***** Record extracts

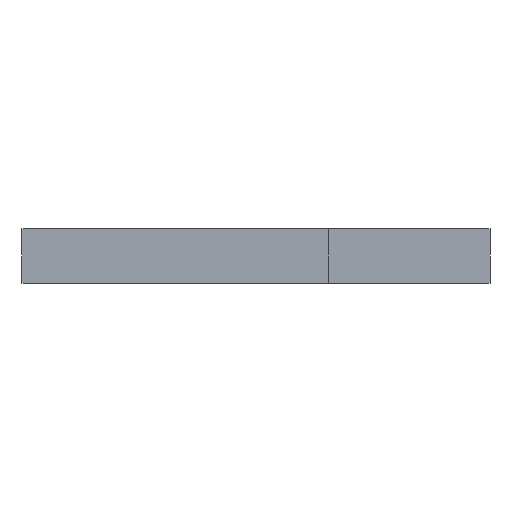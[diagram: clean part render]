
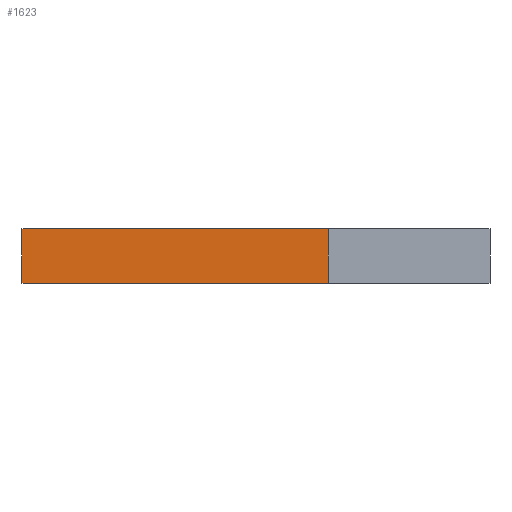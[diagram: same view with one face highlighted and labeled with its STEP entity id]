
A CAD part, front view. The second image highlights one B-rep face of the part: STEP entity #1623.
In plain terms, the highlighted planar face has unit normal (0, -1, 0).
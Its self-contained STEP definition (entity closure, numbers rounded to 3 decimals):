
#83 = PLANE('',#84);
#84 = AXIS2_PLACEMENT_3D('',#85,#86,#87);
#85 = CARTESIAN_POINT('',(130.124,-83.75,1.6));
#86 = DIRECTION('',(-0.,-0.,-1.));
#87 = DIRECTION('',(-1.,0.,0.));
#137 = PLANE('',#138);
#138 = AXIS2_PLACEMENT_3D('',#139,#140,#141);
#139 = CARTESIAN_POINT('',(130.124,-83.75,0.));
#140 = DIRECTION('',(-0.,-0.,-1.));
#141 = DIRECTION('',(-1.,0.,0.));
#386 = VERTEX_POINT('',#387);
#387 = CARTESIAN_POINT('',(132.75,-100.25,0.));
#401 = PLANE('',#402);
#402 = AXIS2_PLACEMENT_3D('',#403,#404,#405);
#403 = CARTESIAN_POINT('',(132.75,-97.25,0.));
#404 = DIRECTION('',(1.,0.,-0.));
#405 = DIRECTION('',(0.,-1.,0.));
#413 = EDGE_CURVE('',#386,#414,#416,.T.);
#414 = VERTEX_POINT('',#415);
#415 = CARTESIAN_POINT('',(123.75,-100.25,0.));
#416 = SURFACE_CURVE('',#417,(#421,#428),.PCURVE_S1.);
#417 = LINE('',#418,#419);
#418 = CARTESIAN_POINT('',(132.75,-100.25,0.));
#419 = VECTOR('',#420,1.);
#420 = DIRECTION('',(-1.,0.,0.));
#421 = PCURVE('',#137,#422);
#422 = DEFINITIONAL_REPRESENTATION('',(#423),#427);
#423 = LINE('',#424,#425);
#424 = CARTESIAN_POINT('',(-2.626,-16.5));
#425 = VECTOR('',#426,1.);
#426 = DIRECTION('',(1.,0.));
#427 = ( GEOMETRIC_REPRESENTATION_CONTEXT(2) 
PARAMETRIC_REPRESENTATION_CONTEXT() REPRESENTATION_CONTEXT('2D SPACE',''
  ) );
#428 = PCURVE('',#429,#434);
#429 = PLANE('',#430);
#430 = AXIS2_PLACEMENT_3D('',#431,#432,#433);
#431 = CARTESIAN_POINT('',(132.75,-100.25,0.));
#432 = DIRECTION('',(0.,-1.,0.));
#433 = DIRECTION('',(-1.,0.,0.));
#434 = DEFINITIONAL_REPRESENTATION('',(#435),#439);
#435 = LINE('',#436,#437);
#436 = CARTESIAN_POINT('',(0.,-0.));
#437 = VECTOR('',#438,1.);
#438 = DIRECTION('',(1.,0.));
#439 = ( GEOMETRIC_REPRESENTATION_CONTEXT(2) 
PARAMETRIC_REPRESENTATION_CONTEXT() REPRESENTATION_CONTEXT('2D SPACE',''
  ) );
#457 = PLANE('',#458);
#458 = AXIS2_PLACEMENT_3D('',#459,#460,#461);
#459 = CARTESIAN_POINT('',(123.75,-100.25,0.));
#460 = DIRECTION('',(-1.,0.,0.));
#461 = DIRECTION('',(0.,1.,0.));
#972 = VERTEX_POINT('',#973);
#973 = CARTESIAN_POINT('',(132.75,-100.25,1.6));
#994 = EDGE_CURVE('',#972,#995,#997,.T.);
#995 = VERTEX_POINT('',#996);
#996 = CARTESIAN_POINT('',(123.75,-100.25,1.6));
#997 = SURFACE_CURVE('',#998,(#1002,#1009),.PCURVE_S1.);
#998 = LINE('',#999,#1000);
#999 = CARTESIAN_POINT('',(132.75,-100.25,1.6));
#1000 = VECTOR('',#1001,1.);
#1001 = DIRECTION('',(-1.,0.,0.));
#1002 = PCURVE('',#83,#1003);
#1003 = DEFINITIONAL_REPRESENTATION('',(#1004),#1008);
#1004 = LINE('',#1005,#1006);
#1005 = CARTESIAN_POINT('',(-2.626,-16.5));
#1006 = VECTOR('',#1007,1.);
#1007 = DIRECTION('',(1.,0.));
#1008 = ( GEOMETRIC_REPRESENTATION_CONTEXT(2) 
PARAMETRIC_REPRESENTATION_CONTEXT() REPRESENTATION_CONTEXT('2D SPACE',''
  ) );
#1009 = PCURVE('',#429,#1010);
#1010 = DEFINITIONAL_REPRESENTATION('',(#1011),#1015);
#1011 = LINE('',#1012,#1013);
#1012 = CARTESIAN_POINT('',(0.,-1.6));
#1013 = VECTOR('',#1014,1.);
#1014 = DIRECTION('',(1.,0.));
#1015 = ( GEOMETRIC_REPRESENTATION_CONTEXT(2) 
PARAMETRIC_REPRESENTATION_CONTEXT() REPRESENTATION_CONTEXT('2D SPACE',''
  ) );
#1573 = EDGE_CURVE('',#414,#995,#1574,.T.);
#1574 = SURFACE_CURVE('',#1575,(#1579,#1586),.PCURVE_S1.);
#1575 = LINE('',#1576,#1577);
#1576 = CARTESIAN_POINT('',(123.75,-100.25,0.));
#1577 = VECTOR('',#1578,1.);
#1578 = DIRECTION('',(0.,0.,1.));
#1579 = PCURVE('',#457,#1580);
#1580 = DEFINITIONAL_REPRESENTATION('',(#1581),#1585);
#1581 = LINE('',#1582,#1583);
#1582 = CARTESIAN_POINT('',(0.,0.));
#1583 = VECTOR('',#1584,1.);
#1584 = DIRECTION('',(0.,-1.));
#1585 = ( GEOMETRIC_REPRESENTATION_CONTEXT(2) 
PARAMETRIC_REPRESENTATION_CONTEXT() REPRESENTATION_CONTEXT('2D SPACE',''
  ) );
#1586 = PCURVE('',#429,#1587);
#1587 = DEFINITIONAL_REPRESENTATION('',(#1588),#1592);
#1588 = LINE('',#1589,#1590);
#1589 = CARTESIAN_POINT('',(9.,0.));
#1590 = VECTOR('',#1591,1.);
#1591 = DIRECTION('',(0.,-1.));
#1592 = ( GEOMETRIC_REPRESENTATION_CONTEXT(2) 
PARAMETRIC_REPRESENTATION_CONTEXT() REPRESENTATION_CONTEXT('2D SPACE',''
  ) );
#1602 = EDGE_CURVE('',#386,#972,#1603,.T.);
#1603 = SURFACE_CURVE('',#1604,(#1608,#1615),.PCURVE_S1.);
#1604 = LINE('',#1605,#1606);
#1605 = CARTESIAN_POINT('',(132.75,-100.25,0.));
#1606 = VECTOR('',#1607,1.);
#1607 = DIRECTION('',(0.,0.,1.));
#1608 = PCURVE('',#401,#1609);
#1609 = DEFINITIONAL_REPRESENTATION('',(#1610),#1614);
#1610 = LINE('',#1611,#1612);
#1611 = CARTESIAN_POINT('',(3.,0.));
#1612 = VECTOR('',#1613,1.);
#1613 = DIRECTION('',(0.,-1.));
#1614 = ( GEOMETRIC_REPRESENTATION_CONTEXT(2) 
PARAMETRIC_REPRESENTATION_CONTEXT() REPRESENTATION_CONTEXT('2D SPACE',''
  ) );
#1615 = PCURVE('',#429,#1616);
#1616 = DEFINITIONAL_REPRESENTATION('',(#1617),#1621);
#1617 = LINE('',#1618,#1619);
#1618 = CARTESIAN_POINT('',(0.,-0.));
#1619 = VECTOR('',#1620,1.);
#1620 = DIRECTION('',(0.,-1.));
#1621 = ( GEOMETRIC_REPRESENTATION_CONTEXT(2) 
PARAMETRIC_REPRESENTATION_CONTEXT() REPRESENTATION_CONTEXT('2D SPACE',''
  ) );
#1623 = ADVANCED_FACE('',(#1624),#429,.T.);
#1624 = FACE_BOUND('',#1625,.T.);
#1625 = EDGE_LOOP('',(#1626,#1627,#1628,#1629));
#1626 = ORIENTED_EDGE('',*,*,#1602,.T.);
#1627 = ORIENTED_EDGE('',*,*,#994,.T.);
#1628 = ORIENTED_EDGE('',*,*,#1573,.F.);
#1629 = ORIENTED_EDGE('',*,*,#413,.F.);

**********
***** Record extracts

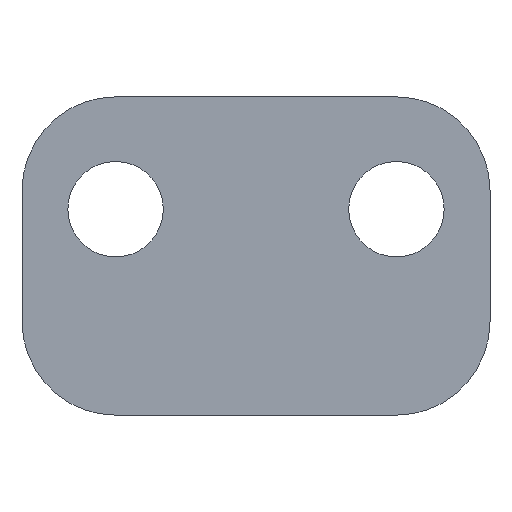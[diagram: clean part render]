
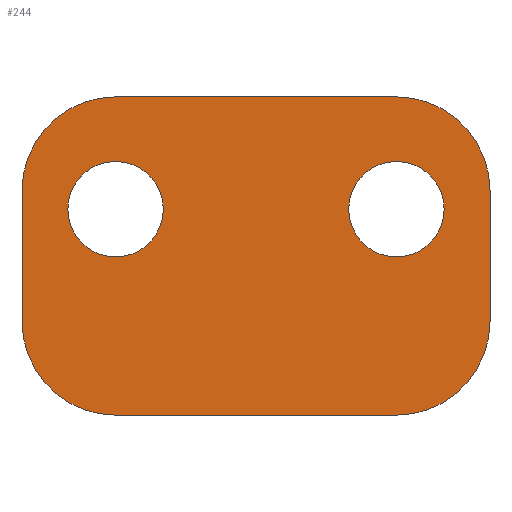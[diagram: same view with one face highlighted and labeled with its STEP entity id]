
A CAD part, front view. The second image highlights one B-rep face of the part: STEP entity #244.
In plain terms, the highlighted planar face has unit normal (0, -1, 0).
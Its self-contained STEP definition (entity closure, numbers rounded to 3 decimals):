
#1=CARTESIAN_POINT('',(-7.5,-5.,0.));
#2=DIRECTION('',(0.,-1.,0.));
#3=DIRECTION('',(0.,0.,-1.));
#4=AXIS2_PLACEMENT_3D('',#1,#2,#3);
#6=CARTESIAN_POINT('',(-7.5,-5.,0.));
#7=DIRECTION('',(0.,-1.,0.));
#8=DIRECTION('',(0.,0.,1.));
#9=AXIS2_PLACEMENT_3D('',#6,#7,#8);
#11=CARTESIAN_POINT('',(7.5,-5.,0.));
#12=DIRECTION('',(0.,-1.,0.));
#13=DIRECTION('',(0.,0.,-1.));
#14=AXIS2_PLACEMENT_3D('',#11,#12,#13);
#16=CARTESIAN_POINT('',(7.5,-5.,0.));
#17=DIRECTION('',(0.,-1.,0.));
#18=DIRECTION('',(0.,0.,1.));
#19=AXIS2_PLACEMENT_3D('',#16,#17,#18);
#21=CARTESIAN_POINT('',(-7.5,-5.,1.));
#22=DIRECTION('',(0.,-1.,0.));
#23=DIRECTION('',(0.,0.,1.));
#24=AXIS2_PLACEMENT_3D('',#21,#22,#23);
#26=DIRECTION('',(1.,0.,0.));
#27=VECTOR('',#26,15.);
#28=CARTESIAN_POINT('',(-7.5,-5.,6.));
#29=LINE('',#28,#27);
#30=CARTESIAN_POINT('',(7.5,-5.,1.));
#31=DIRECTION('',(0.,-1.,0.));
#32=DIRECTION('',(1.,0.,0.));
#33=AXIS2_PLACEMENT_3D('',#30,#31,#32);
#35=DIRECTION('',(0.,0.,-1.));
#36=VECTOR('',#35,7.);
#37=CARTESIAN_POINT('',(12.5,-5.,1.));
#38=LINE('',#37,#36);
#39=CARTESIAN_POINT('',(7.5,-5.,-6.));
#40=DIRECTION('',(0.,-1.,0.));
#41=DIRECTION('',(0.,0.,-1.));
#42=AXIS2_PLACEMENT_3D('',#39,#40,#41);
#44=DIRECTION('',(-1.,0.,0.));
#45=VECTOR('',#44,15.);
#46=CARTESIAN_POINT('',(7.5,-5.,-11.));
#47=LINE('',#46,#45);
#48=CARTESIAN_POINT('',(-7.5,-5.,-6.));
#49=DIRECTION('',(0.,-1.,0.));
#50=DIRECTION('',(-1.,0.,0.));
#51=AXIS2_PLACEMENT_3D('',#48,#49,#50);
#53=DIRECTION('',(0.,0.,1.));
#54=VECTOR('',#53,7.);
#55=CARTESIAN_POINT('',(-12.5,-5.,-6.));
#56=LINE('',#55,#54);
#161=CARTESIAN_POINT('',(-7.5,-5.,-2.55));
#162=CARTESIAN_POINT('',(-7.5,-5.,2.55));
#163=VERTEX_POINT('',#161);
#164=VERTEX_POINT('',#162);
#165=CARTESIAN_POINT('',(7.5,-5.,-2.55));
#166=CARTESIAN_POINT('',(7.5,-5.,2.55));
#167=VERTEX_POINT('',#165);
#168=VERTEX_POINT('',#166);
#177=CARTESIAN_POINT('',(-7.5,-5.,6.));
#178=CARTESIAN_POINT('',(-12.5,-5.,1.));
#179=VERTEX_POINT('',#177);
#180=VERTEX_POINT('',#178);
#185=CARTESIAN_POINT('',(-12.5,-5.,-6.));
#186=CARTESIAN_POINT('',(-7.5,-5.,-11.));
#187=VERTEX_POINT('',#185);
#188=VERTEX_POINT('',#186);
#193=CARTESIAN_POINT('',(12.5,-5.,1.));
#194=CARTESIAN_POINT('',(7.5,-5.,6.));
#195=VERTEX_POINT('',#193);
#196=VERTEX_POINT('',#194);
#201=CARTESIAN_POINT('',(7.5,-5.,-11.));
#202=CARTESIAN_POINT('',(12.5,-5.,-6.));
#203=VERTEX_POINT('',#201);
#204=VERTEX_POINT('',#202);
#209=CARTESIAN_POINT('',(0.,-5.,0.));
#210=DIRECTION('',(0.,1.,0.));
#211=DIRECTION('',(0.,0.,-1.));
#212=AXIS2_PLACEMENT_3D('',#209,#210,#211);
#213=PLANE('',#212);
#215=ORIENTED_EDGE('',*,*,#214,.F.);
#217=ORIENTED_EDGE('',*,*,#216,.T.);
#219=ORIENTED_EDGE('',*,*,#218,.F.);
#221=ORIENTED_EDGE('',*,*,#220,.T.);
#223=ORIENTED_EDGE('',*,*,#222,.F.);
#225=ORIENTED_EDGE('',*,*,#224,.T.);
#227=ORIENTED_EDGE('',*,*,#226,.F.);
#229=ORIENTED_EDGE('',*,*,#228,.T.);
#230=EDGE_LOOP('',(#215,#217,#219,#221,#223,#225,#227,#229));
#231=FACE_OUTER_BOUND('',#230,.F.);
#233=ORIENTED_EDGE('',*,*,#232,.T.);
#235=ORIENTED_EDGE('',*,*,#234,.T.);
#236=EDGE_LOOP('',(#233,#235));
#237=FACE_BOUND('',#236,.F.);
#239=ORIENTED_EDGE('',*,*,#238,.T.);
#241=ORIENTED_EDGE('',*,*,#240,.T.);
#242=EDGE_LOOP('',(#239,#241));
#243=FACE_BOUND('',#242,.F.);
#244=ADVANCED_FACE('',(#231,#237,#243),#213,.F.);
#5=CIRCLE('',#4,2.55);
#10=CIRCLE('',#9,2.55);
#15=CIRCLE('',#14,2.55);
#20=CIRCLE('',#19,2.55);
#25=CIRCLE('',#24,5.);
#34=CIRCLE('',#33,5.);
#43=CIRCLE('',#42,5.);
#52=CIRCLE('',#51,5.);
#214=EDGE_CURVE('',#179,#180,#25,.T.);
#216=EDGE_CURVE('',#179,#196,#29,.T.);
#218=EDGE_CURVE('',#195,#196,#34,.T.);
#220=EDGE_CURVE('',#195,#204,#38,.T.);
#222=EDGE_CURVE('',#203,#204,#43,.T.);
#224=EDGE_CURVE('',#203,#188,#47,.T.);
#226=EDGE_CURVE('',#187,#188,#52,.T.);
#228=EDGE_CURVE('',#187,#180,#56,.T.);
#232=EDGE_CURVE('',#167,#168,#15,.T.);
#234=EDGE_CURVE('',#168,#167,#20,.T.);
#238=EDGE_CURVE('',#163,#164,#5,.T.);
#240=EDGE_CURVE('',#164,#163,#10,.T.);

**********

▸ Exercise objective: Working from the data above, extract solely the lines from the one containing "#1611 = CARTESIAN_POINT('',(3.,0.));" through the one containing "#1629 = ORIENTED_EDGE('',*,*,#413,.F.);", exactly as they appear, both included.

▸ Exercise result:
#1611 = CARTESIAN_POINT('',(3.,0.));
#1612 = VECTOR('',#1613,1.);
#1613 = DIRECTION('',(0.,-1.));
#1614 = ( GEOMETRIC_REPRESENTATION_CONTEXT(2) 
PARAMETRIC_REPRESENTATION_CONTEXT() REPRESENTATION_CONTEXT('2D SPACE',''
  ) );
#1615 = PCURVE('',#429,#1616);
#1616 = DEFINITIONAL_REPRESENTATION('',(#1617),#1621);
#1617 = LINE('',#1618,#1619);
#1618 = CARTESIAN_POINT('',(0.,-0.));
#1619 = VECTOR('',#1620,1.);
#1620 = DIRECTION('',(0.,-1.));
#1621 = ( GEOMETRIC_REPRESENTATION_CONTEXT(2) 
PARAMETRIC_REPRESENTATION_CONTEXT() REPRESENTATION_CONTEXT('2D SPACE',''
  ) );
#1623 = ADVANCED_FACE('',(#1624),#429,.T.);
#1624 = FACE_BOUND('',#1625,.T.);
#1625 = EDGE_LOOP('',(#1626,#1627,#1628,#1629));
#1626 = ORIENTED_EDGE('',*,*,#1602,.T.);
#1627 = ORIENTED_EDGE('',*,*,#994,.T.);
#1628 = ORIENTED_EDGE('',*,*,#1573,.F.);
#1629 = ORIENTED_EDGE('',*,*,#413,.F.);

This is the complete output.